To complete the post, I am including real t-SNE applied to the 7 datapoints:

CODE

from sklearn.manifold import TSNE

fig = plt.figure(figsize=(14, 5))
ax1 = fig.add_subplot(121)
make_scatter(points, ax=ax1)
ax2 = fig.add_subplot(122)
make_scatter(
    TSNE(perplexity=2,
         method='exact',
         random_state=seed).fit_transform(points), ax=ax2)
ax1.set_title('original points')
ax2.set_title('real t-SNE')

real_tsne

See more:

Appendix

Animation code can be found here:

CODE

from matplotlib import animation
from IPython.display import HTML

def find_lims(accumulate):
    x_min = 0
    x_max = 0
    y_min = 0
    y_max = 0

    for frame_points in accumulate:
        reshaped = frame_points.reshape(-1, 2)
        x = reshaped[:, 0]
        y = reshaped[:, 1]
        curr_xmin = x.min()
        curr_xmax = x.max()
        curr_ymin = y.min()
        curr_ymax = y.max()

        if curr_xmin < x_min:
            x_min = curr_xmin

        if curr_xmax > x_max:
            x_max = curr_xmax

        if curr_ymin < y_min:
            y_min = curr_ymin

        if curr_ymax > y_max:
            y_max = curr_ymax

    return (np.array([x_min, x_max]), np.array([y_min, y_max]))
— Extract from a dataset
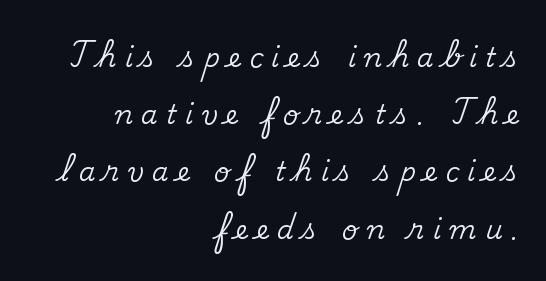
These lines stand farther apart than default settings would place them. The setting favours the right margin, as signatures and pull-quotes sometimes do. Honestly, there is no underline to notice here at all. Observe the wide spacing: letters keep a clear distance from each other.
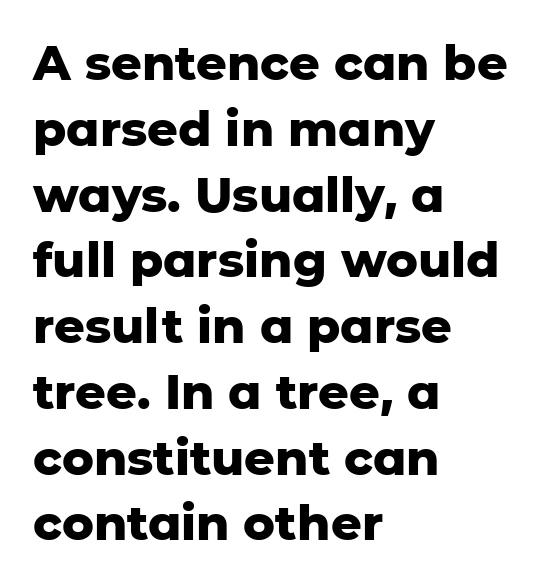
The image shows 48 px heavy sans-serif type, upright; set left-aligned, normal line spacing (1.37x), normal letter spacing, not underlined; low stroke contrast and a medium x-height.
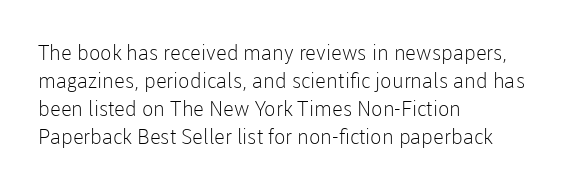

def animate(accumulate, frames=1000):
    step = int(len(accumulate) / frames)

    fig, ax = plt.subplots()
    scatter = ax.scatter([], [])
    lims = find_lims(accumulate)
    ax.set_xlim(lims[0] * 1.05)
    ax.set_ylim(lims[1] * 1.05)


    # initialization function: plot the background of each frame
    def init():
        scatter.set_offsets(np.array([[], []]).T)
        return (scatter,)

    def animate(i):
        j = i * step
        scatter.set_offsets(accumulate[j].reshape(-1, 2))
        return (scatter,)

    anim = animation.FuncAnimation(fig, animate, init_func=init,
                                   frames=frames, interval=10, blit=True)
    return anim

HTML(animate(accumulate).to_html5_video())

  1. scipy.optimize.minimize uses Broyden–Fletcher–Goldfarb–Shanno algorithm, which tries to approximate gradient and the second derivative: so it’s not quite brute force.